Why did the Fernando Torres of old have to reappear in Gdansk last night to sink Ireland and send us home from Euro 2012?
His first goal of two in Spain's 4-0 thumping of Ireland - blistering pace and a powerful finish - showed exactly why Chelsea forked out £50m for his services. Up until then, it looked quite promising. Well, for a whole four minutes. The rest was painful to watch.
Ireland were quickly out of the traps, with Simon Cox forcing Iker Casillias into a full stretch save from an effort just outside the box. They looked eager and were closing the Spanish down at every chance. Keith Andrews left Sergio Busquets lying in a heap after a crunching tackle. Ireland looked in the mood. Unfortunately that's as good as it got.
Fernando Torres picked up a loose ball after Richard Dunne's perfectly timed tackle, sped past Stephen Ward and blasted an unstoppable shot into the roof of Shay Given's net.
Trapattoni's plans of trying to frustrate the Spanish with the hope of catching them on the break were in turmoil after only four minutes. For the remainder of the game, Ireland had no plan B and were totally outplayed by the Spanish.
Surprisingly it took Spain three minutes into the second half to wrap things up when David Silva coolly rolled the ball past Shay Given. Spain were in cruise control and that man Torres added his second when put through on goal by Silva. Torres's replacement Cesc Fabregas hit the fourth as Ireland completely switched off from a corner kick.

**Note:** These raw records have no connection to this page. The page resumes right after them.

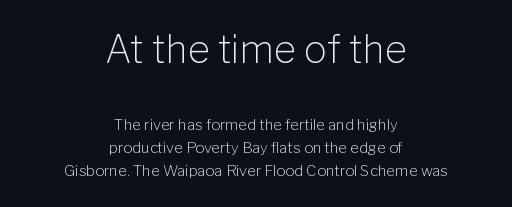
Nope, not italic — everything's standing straight. This sample is center-justified, so both line endings float freely. The glyphs are unaccompanied by any horizontal stroke below them. Typographically, this falls in the sans-serif category.
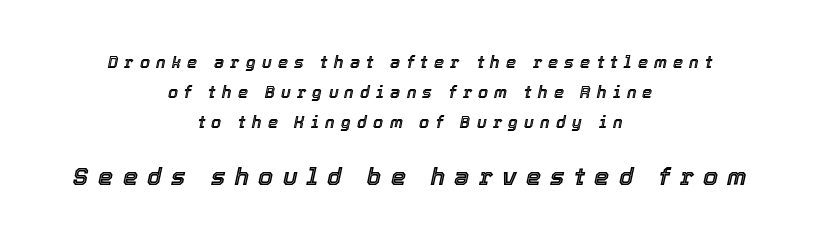
An italicized treatment has been applied to the whole sample. Unmarked baselines from the first word to the last. The lower block of text is set noticeably larger than the block above it. The setting favours the middle, as headings and verse often do. The passage shown has open, widely tracked lettering throughout.
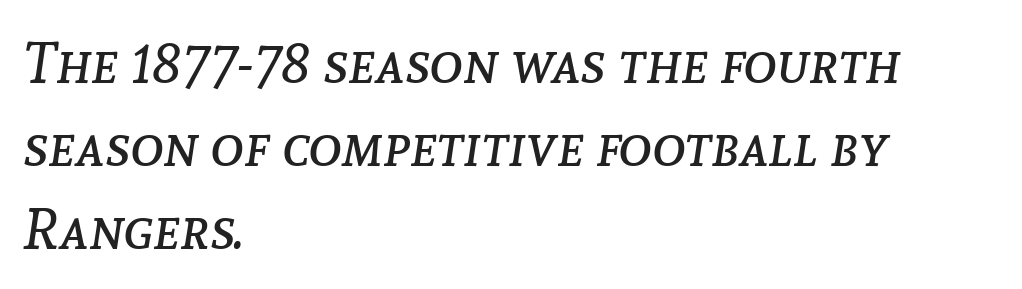
{"italic": "yes", "lean": "right", "slant_degrees": 8, "bold": "no", "weight": "regular", "width": "normal", "stroke_contrast": "low", "x_height": "medium", "monospaced": "no", "underline": "no", "align": "left", "line_spacing": "normal", "line_spacing_ratio": 1.46, "letter_spacing": "normal", "letter_spacing_em": 0.0, "glyph_px": 57}

In truth, it could have been a lot worse. Ireland aren't the first and certainly won't be the last team to be given a footballing lesson by the Spanish. They get so much praise for how they play the game when they are in possession, but it's their work off the ball and their determination to get the ball back as quickly as possible that sets them on their way. Every time Ireland got the ball back last night, Spain had regained possession within at least five seconds. Nobody presses better and they forced Ireland into making mistakes or punting hopeful balls up to Robbie Keane.
The most disappointing aspect of last nights game for me is Ireland's approach to the game. It's 24 years since Jack Charlton led Ireland to their first major championship finals in Germany. His long ball tactics proved very successful as Ireland competed very well, beating England and narrowly losing to eventual winners, Holland.
In the years that have passed since then, football has evolved. Disappointingly Ireland and our British neighbours haven't. Ireland, Scotland, Wales, Northern Ireland and England all suffer at international level because of this. On the other hand, the likes of Spain, Germany and Holland have all excelled. The simple reason being they can keep the ball for long periods. Don't get me wrong, I know all except England are smaller countries with smaller populations and we should not expect them to beat the likes of Spain, but if we're going to lose like we did last night, why not lose trying to play instead of letting them have possession and hoping for the best?
Once again the Irish fans were fantastic. If our football team haven't lit up Poland and Ukraine, they have and they have certainly left their mark on this tournament. Even though their team was losing, hearing those fans singing made me and every Irishman/woman extremely proud to be Irish.